Wednesday, 23 December 2015

Christmas with Steed and Mrs Peel - Too Many Christmas Trees

I suppose one should make an effort to get into the seasonal spirit, and sharing Christmas with Steed and Mrs Peel seemed like a pretty good way to do just that. In other words I have just revisited one of the most-loved of all episodes of The Avengers, Too Many Christmas Trees, which first went to air in Britain exactly 50 years ago.

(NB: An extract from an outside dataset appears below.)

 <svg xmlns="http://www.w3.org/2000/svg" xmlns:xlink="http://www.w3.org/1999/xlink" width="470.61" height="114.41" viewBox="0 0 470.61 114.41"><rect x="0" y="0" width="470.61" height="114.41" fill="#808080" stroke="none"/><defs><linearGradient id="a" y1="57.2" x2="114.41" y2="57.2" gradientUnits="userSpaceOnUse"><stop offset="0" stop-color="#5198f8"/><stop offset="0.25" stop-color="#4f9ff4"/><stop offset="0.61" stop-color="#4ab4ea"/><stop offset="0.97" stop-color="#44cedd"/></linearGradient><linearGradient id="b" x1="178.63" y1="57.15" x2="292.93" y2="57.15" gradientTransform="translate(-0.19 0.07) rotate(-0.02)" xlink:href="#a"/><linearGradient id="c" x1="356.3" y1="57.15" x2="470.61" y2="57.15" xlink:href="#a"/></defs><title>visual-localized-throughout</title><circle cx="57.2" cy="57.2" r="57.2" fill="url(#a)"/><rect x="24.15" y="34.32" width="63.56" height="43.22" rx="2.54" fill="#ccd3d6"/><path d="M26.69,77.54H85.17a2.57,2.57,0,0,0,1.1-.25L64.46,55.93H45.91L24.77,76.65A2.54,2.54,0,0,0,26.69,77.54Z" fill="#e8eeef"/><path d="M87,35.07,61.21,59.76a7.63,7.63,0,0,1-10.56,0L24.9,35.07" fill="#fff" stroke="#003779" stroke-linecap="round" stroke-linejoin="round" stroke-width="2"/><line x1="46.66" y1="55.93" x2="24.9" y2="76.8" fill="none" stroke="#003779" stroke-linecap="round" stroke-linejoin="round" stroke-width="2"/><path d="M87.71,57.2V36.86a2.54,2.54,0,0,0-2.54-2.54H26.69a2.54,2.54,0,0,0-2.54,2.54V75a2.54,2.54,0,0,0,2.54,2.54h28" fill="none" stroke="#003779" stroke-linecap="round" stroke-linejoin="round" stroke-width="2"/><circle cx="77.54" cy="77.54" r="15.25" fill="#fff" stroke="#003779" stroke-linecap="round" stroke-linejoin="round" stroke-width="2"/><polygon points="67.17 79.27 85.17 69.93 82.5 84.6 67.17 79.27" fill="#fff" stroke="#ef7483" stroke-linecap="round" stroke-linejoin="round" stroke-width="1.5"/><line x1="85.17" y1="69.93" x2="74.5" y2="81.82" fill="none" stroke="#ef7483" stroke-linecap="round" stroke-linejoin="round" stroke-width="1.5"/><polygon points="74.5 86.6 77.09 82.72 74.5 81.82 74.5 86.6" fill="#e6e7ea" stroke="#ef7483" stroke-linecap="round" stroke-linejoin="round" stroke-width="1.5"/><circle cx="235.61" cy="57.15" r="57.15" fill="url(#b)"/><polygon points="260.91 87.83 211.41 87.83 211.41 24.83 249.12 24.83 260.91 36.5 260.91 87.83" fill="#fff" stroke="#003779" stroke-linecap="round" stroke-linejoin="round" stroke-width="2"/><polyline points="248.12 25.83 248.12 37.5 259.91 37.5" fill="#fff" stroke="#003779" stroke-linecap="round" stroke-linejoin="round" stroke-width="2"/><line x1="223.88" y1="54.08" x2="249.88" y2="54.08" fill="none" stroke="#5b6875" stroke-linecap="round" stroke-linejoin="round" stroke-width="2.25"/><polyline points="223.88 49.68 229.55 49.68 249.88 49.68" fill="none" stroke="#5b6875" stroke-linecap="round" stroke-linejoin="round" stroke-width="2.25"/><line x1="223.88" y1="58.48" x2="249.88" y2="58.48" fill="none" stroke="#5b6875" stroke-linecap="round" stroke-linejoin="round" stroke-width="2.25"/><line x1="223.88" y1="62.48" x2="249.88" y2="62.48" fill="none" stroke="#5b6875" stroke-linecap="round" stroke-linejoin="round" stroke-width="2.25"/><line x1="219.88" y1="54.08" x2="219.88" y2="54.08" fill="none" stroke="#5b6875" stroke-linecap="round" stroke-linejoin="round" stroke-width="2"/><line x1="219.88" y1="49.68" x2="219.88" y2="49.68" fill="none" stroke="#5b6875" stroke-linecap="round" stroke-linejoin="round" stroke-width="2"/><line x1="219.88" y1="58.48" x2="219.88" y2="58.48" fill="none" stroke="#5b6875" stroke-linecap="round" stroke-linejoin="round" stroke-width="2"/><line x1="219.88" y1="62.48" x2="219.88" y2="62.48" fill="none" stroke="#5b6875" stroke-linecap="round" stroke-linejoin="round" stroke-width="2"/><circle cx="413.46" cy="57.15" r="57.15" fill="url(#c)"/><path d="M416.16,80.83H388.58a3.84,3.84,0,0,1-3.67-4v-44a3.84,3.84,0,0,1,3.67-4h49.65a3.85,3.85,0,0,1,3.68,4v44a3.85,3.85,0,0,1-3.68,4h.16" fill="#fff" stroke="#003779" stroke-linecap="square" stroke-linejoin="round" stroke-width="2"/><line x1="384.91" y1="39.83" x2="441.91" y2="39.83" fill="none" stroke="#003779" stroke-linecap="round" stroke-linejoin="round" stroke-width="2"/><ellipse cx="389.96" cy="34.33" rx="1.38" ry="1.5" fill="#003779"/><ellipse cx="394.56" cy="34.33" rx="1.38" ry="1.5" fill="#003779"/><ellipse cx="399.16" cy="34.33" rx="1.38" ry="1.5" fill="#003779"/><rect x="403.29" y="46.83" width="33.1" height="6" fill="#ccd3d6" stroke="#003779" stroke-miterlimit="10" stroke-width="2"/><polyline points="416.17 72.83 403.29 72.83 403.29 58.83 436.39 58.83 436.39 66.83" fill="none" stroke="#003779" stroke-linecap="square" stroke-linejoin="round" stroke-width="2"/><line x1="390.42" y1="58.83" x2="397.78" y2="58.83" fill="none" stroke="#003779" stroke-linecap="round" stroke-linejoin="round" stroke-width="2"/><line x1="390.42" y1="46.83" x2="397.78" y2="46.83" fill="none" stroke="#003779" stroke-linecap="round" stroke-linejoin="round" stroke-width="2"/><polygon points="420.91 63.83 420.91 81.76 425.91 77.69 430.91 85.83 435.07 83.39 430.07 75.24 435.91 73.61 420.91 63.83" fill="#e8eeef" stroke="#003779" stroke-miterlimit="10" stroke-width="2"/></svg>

This was one of Tony Williamson’s earliest scripts for the series and it’s a corker. Steed is having recurring nightmares, Christmas nightmares complete with a sinister Santa, a forest of Christmas trees and a corpse. The corpse of a fellow agent, suspected of treason, who has just died as a result of a complete mental collapse.

Mrs Peel has been invited to spend Christmas at the country house of Dickens fanatic Brandon Storey. Storey owns a priceless collection of Dickens memorabilia and his whole house is Dickens-themed - there’s even a Hall of Great Expectations complete with cobwebs. Mrs Peel decides to invite Steed to accompany her, hoping to keep his mind off the nightmares. But the nightmares just get worse.

I’m not going to reveal any plot details other than to say that this is an episode that veers strongly in the direction of the macabre, the uncanny and the paranormal.

One of the delights of this episode is that everything meshes and interconnects perfectly. Apart from his love of Christmas Charles Dickens also had a love for ghost stories and mysteries so a Christmas episode involving Dickens and the uncanny is wonderfully appropriate. Mervyn Johns who plays Brandon Storey had been one of the stars in the classic 1951 film adaptation of A Christmas Carol, which also featured a young Patrick Macnee. Mervyn Johns had also starred in the superb 1945 anthology film Dead of Night which had an eerie atmosphere of nightmare and reality becoming hopelessly confused -exactly the atmosphere this episode is aiming for.

There are Avengers-related in-jokes as well, with Steed getting a Christmas card from Cathy Gale - from Fort Knox! Williamson’s script provides witty dialogue in abundance and Macnee and Rigg are in sparkling form. Rigg was always great at handling the comic side of things but in this story she also gets a couple of opportunities to show her serious acting chops. The Steed-Mrs Peel relationship is also thrown into sharper focus as Mrs Peel shows her genuine affection for Steed when she thinks he’s in real trouble.

Roy Baker directed this episode and he succeeds beautifully in getting the tone just right. The sets and costumes are top-notch. The dream sequences are spooky and surreal and genuinely dream-like. 

All this would be enough to make Too Many Christmas Trees a great episode but we get even more - Diana Rigg looking as cute as a button dressed as Oliver Twist, an excellent and imaginative climactic fight scene, a nicely romantic tag scene and Steed and Mrs Peel singing together. If Christmas is a time for indulging oneself then this episode is a glorious indulgence indeed. It’s like a magnificent Christmas dinner with all the trimmings accompanied by the finest wines and followed by the finest port and cigars. 

A truly superb episode.

And by the way, Happy Christmas to all my readers!